# Umbrella stroller



## Fin (Jul 7, 2017)

I'll be traveling with my grandson to Orlando from 30th Street station on the Silver Star, will I be able to check the stroller as baggage or will they make me take it in my Roomette?


----------



## ehbowen (Jul 7, 2017)

Strollers may be checked as baggage where service is available, and both Philadelphia 30th St. and Orlando offer checked baggage service.


----------



## BCL (Jul 7, 2017)

Fin said:


> I'll be traveling with my grandson to Orlando from 30th Street station on the Silver Star, will I be able to check the stroller as baggage or will they make me take it in my Roomette?


You can choose either. If you really want to check it in, it will count against your baggage limit. I can't really find anything concrete saying it, but I believe that only a paying passenger is entitled to any check-in baggage allowance. So if your grandson is under 2, I don't believe that you'll get a baggage allowance for him. I'm sure that a child on a half fare is allowed the full baggage allowance.

If you bring it onboard, a stroller is considered a baby item and doesn't count towards your carry-on allowance. There's kind of a gray area there if it's for a free infant or for a paying child, but I'm pretty sure they'll let you bring it onboard, even if it's over the carry on size limits. I brought a larger folding stroller for my then 2 year old, and it was just stashed in a section where other larger carry on baggage was stowed. The rules theoretically state that it can only be done for an infant. It doesn't say paying or non-paying since it's possible that an infant may be required to be on a paying child fare since only one is free per accompanying adult.
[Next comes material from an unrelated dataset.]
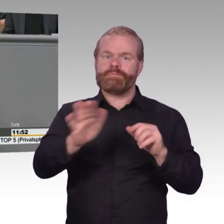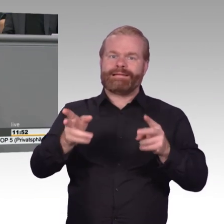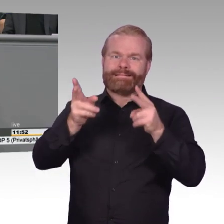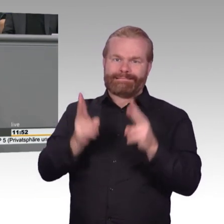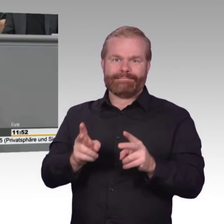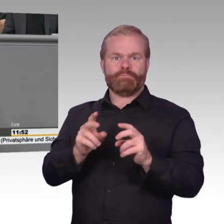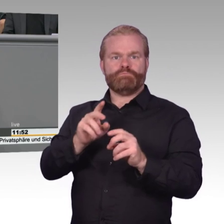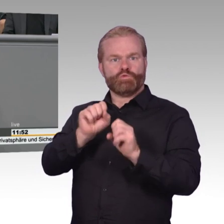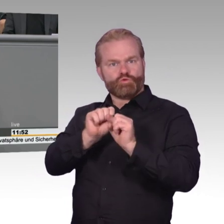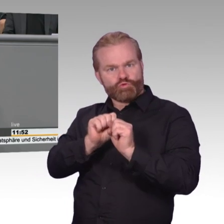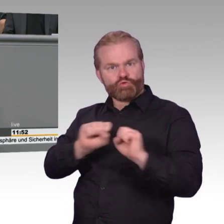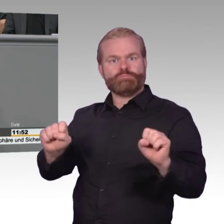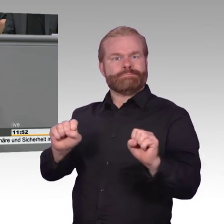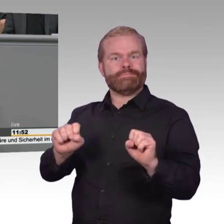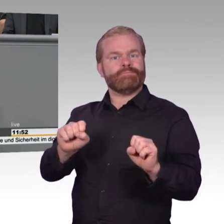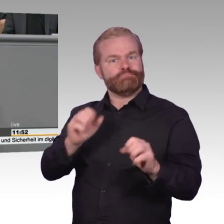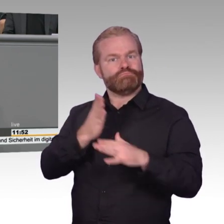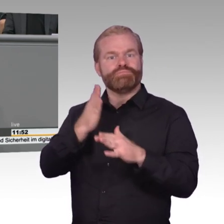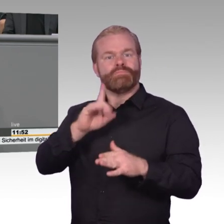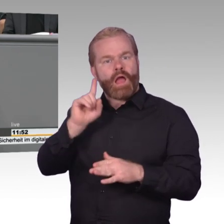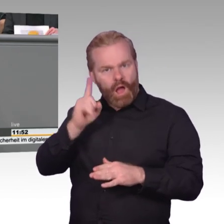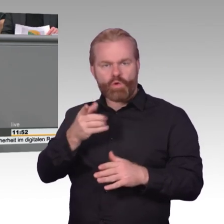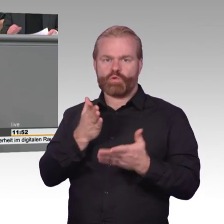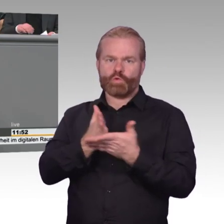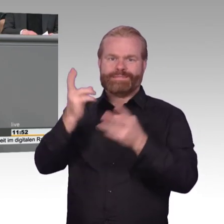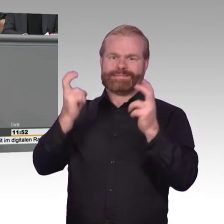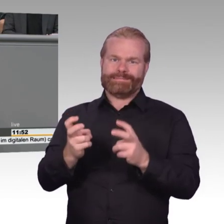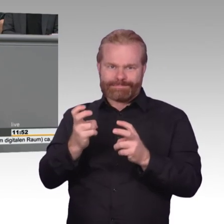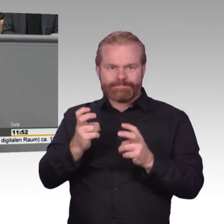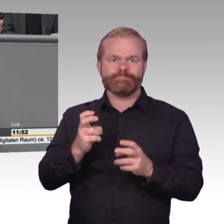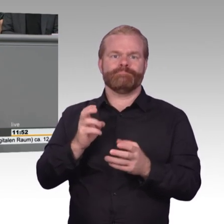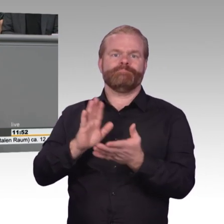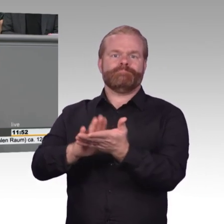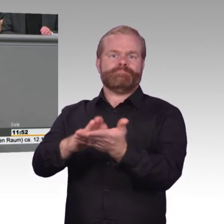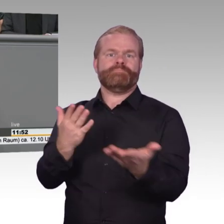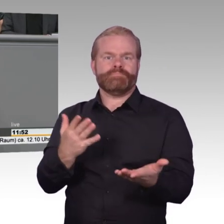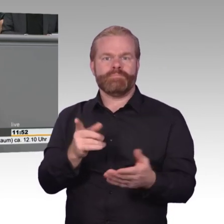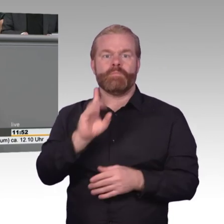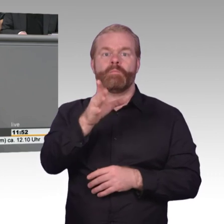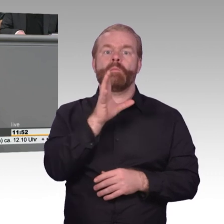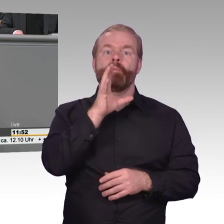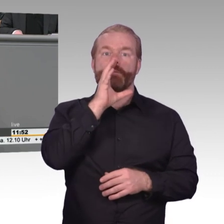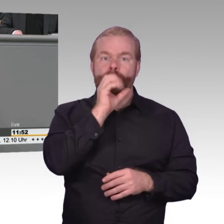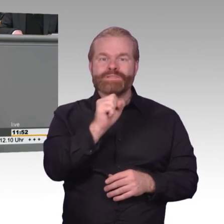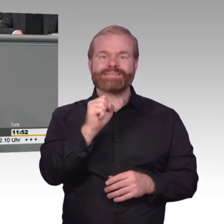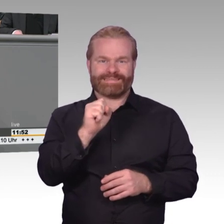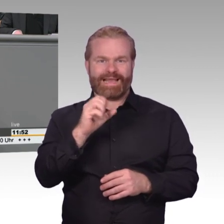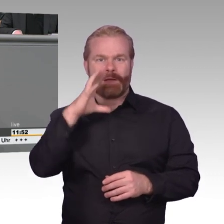dafür unerlässlich, liebe Kollegen, und zwar ohne Hintertüren oder Zweitschlüssel. Wer wollte uns denn garantieren, dass die nicht auch von

https://www.amtrak.com/baggage-guidelines-booking

Infant Items

Passengers traveling with infants under the age of two may bring an additional infant item onboard (strollers, diaper bags), which does not count towards the carry-on baggage or personal item limit.


----------



## Lonestar648 (Jul 16, 2017)

If you take it aboard, the good SCA somehow finds a place to store the baby item not in your room. If he or she does, make sure to show your appreciation.


----------